**Required action:**
Set down the data again exactly. Pictures are not part of the copy.

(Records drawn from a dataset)
--
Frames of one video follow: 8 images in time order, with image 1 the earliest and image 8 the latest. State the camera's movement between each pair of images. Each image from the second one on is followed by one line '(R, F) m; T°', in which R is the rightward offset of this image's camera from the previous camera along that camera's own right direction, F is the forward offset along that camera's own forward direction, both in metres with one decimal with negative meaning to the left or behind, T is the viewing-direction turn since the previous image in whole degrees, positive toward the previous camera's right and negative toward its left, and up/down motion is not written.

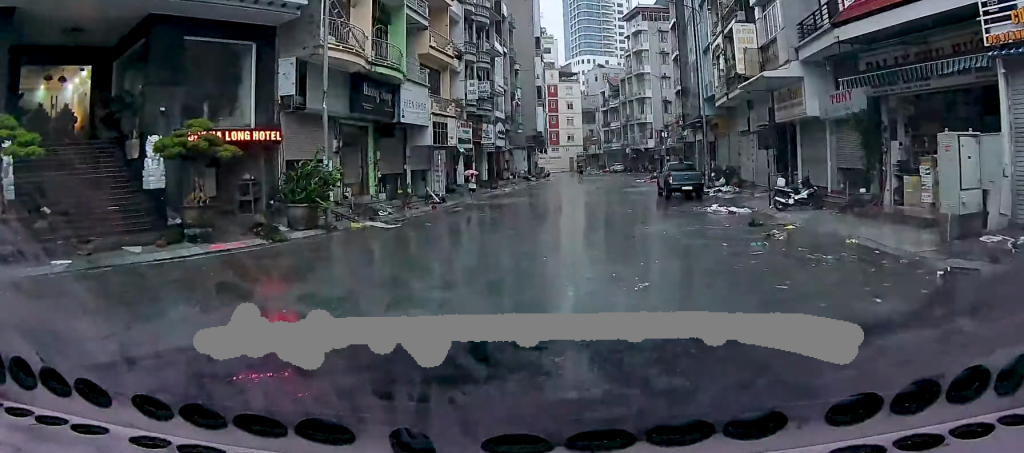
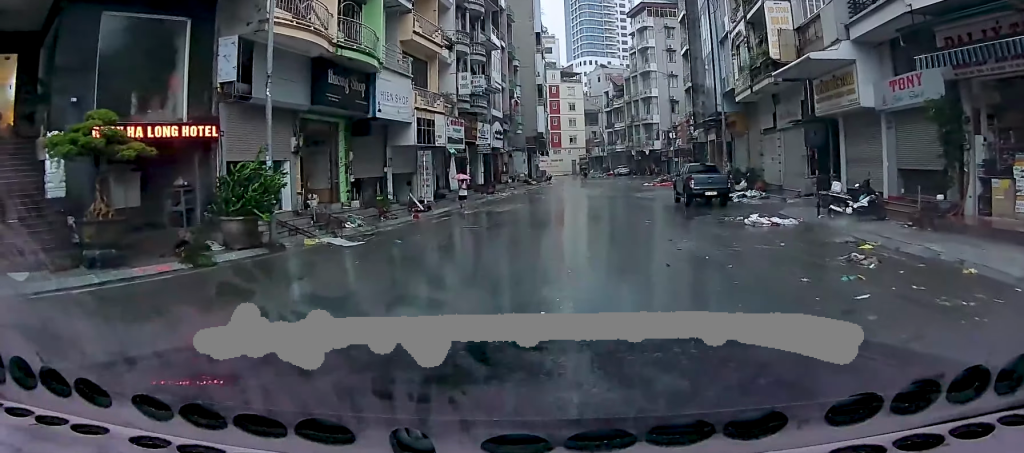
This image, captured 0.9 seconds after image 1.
(-0.1, +4.0) m; -2°
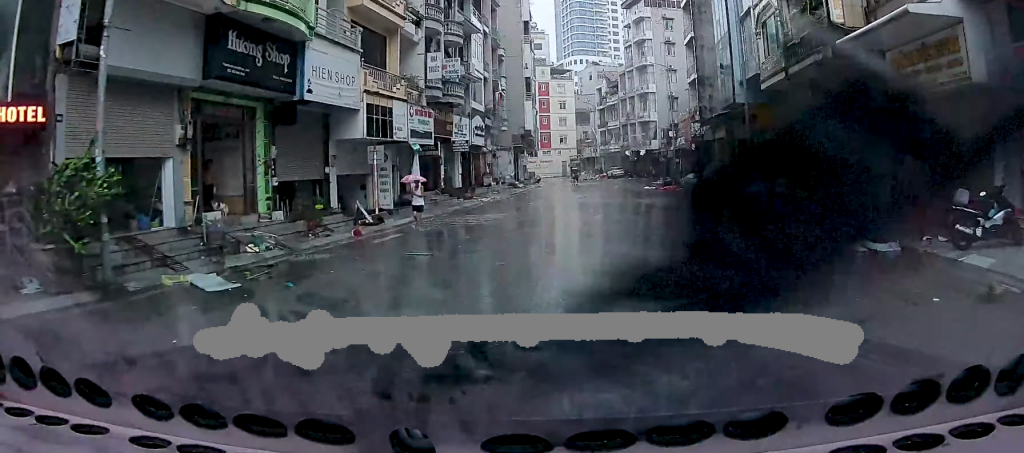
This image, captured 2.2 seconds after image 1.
(-0.1, +5.9) m; +2°
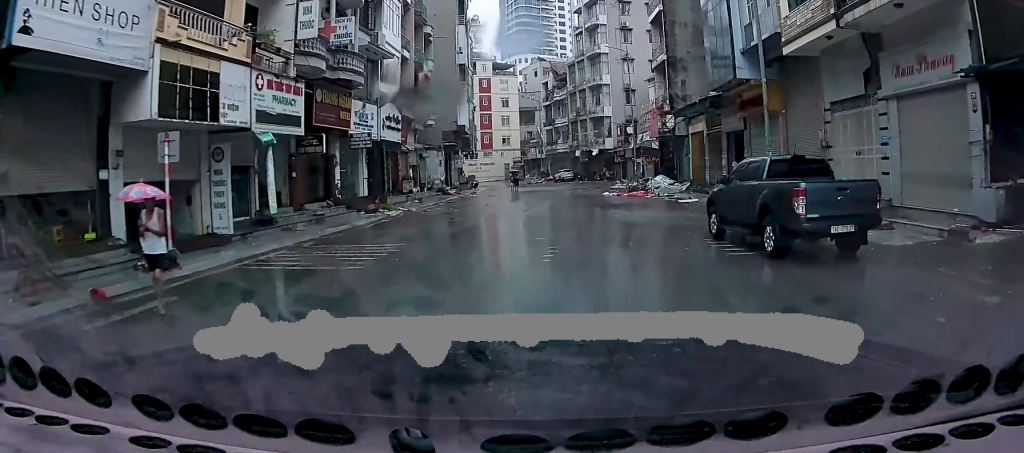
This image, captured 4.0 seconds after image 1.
(+0.6, +9.2) m; +8°
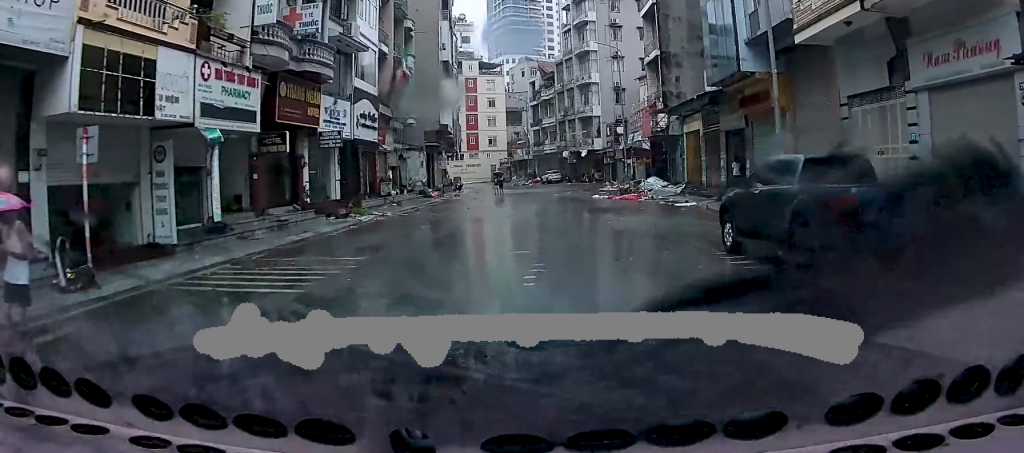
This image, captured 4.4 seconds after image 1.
(+0.1, +2.1) m; +1°
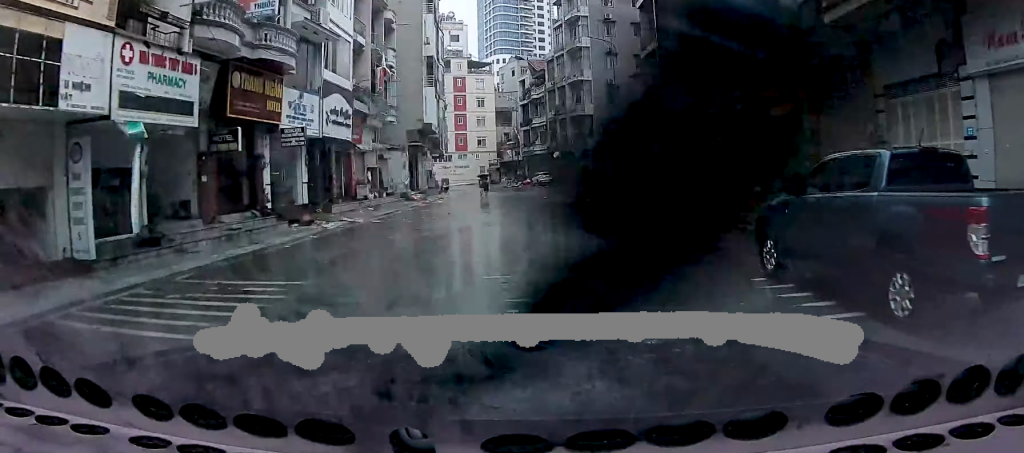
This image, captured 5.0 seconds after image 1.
(0.0, +2.7) m; 0°
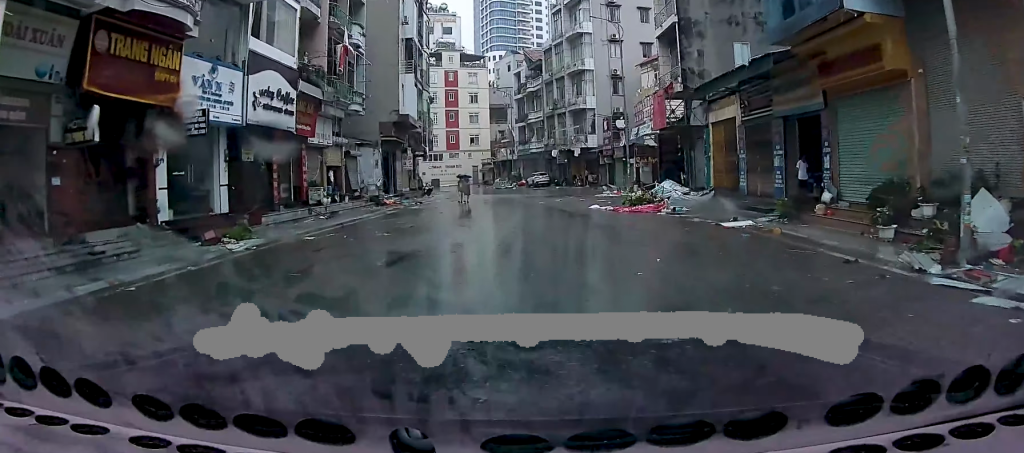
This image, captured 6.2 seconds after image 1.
(0.0, +6.4) m; +1°
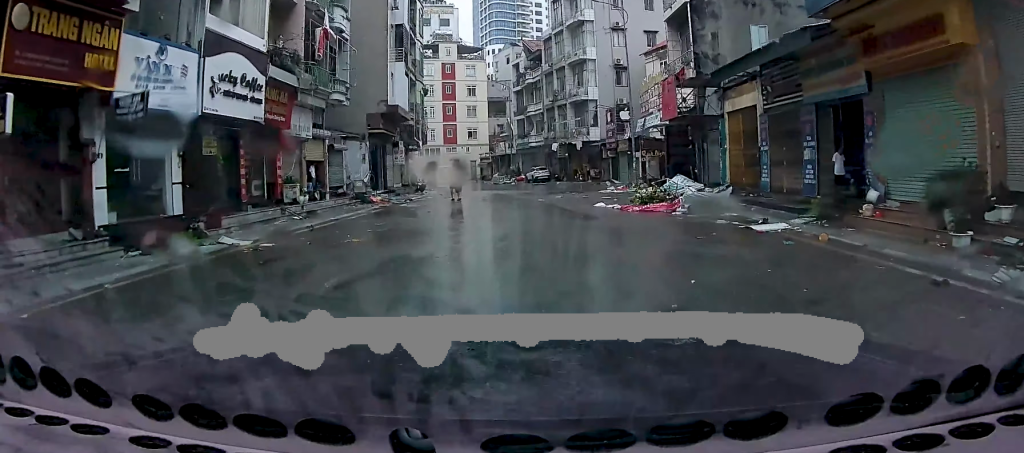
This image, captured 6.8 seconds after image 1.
(0.0, +2.7) m; 0°
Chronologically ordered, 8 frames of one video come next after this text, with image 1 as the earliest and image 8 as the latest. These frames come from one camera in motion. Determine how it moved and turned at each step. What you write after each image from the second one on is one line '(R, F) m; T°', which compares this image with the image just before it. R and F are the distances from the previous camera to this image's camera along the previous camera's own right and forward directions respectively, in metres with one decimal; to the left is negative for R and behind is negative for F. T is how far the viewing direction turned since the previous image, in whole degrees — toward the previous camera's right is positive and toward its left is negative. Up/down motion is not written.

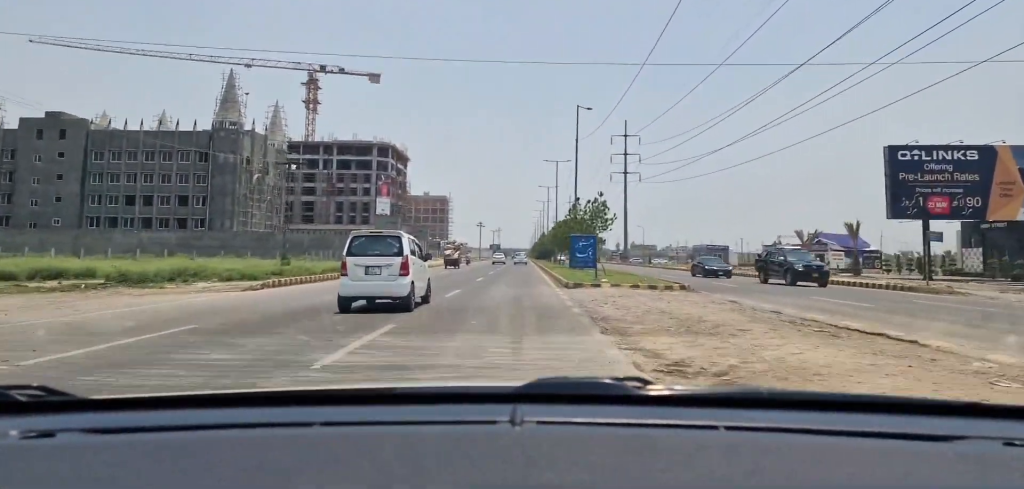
--
**Response area:**
Frames of one video follow: 8 images in time order, with image 1 the earliest and image 8 the latest. State the camera's movement between each pair of images. Each image from the second one on is followed by one line '(R, F) m; T°', in which R is the rightward offset of this image's camera from the previous camera along that camera's own right direction, F is the forward offset along that camera's own forward direction, both in metres with one decimal with negative meaning to the left or behind, T is the viewing-direction turn since the previous image in whole degrees, positive toward the previous camera's right and negative toward its left, and up/down motion is not written.

This image, captured 0.9 seconds after image 1.
(-0.1, +4.0) m; -2°
This image, captured 2.2 seconds after image 1.
(-0.1, +5.9) m; +2°
This image, captured 4.0 seconds after image 1.
(+0.6, +9.2) m; +8°
This image, captured 4.4 seconds after image 1.
(+0.1, +2.1) m; +1°
This image, captured 5.0 seconds after image 1.
(0.0, +2.7) m; 0°
This image, captured 6.2 seconds after image 1.
(0.0, +6.4) m; +1°
This image, captured 6.8 seconds after image 1.
(0.0, +2.7) m; 0°
Chronologically ordered, 8 frames of one video come next after this text, with image 1 as the earliest and image 8 as the latest. These frames come from one camera in motion. Determine how it moved and turned at each step. What you write after each image from the second one on is one line '(R, F) m; T°', which compares this image with the image just before it. R and F are the distances from the previous camera to this image's camera along the previous camera's own right and forward directions respectively, in metres with one decimal; to the left is negative for R and behind is negative for F. T is how far the viewing direction turned since the previous image, in whole degrees — toward the previous camera's right is positive and toward its left is negative. Up/down motion is not written.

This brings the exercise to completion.